## WORK REQUIRED:
Your task is to repeat the entries below exactly and to leave their images out.

## EXTRACTED INFORMATION:
☆ ☆ ☆ ☆ ☆ ☆ ☆
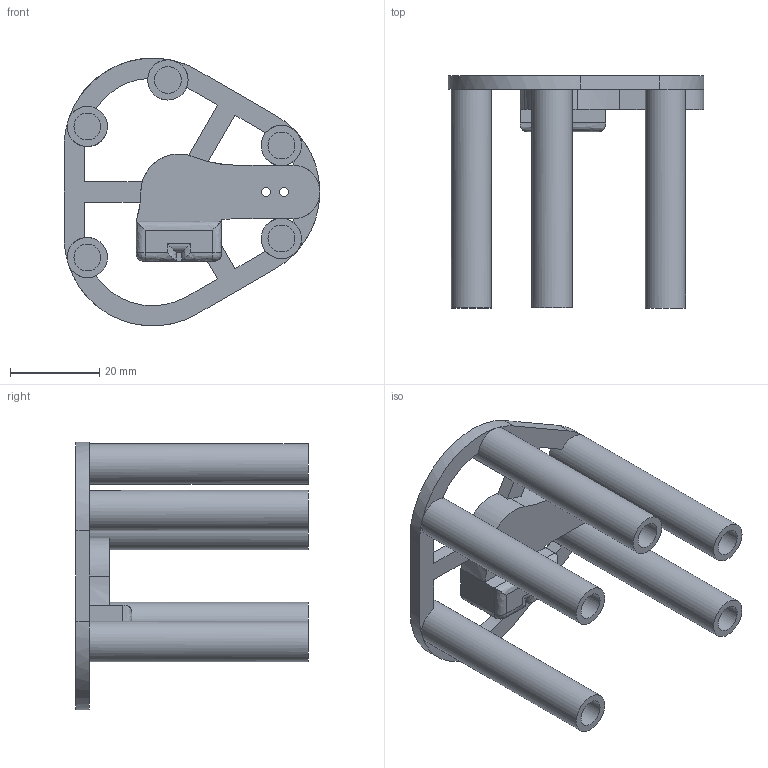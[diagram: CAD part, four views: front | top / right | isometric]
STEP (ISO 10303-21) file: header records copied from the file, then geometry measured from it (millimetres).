
FILE_DESCRIPTION(/* description */ ('STEP AP242','CAx-IF Rec.Pracs.---Representation and Presentation of Product Manufacturing Information (PMI)---4.0---2014-10-13','CAx-IF Rec.Pracs.---3D Tessellated Geometry---0.4---2014-09-14','2;1'),/* implementation_level */ '2;1');
FILE_NAME(/* name */ '6855f1e9c5ed350367ee5eba',/* time_stamp */ '2025-06-20T23:42:33Z',/* author */ (''),/* organization */ (''),/* preprocessor_version */ 'ST-DEVELOPER v20',/* originating_system */ 'ONSHAPE BY PTC INC, 1.199',/* authorisation */ ' ');
FILE_SCHEMA (('AP242_MANAGED_MODEL_BASED_3D_ENGINEERING_MIM_LF { 1 0 10303 442 1 1 4 }'));
Length unit declared in the file: metre
Products named in the file (1): Part 1
Bounding box: 57.14 x 51.9 x 59.86 mm (x, y, z)
Volume: 15671.6 mm3; surface area: 17695.6 mm2
Topology: 1 solids, 1 shells, 100 faces, 273 edges, 175 vertices
Faces by surface type: plane 51, cylinder 36, bspline 13
Full cylindrical faces by diameter (mm): 2 x2, 6 x7, 9 x5
Entity records: 3728 total; most frequent: CARTESIAN_POINT 1281, ORIENTED_EDGE 504, DIRECTION 486, EDGE_CURVE 252, AXIS2_PLACEMENT_3D 187, VERTEX_POINT 168, EDGE_LOOP 130, FACE_BOUND 130
☆ ☆ ☆ ☆ ☆ ☆ ☆
## THE ANSWER:
[diagram: CAD part, four views: front | top / right | isometric]
STEP (ISO 10303-21) file: header records copied from the file, then geometry measured from it (millimetres).
FILE_DESCRIPTION(/* description */ ('STEP AP242','CAx-IF Rec.Pracs.---Representation and Presentation of Product Manufacturing Information (PMI)---4.0---2014-10-13','CAx-IF Rec.Pracs.---3D Tessellated Geometry---0.4---2014-09-14','2;1'),/* implementation_level */ '2;1');
FILE_NAME(/* name */ '6855f1e9c5ed350367ee5eba',/* time_stamp */ '2025-06-20T23:42:33Z',/* author */ (''),/* organization */ (''),/* preprocessor_version */ 'ST-DEVELOPER v20',/* originating_system */ 'ONSHAPE BY PTC INC, 1.199',/* authorisation */ ' ');
FILE_SCHEMA (('AP242_MANAGED_MODEL_BASED_3D_ENGINEERING_MIM_LF { 1 0 10303 442 1 1 4 }'));
Length unit declared in the file: metre
Products named in the file (1): Part 1
Bounding box: 57.14 x 51.9 x 59.86 mm (x, y, z)
Volume: 15671.6 mm3; surface area: 17695.6 mm2
Topology: 1 solids, 1 shells, 100 faces, 273 edges, 175 vertices
Faces by surface type: plane 51, cylinder 36, bspline 13
Full cylindrical faces by diameter (mm): 2 x2, 6 x7, 9 x5
Entity records: 3728 total; most frequent: CARTESIAN_POINT 1281, ORIENTED_EDGE 504, DIRECTION 486, EDGE_CURVE 252, AXIS2_PLACEMENT_3D 187, VERTEX_POINT 168, EDGE_LOOP 130, FACE_BOUND 130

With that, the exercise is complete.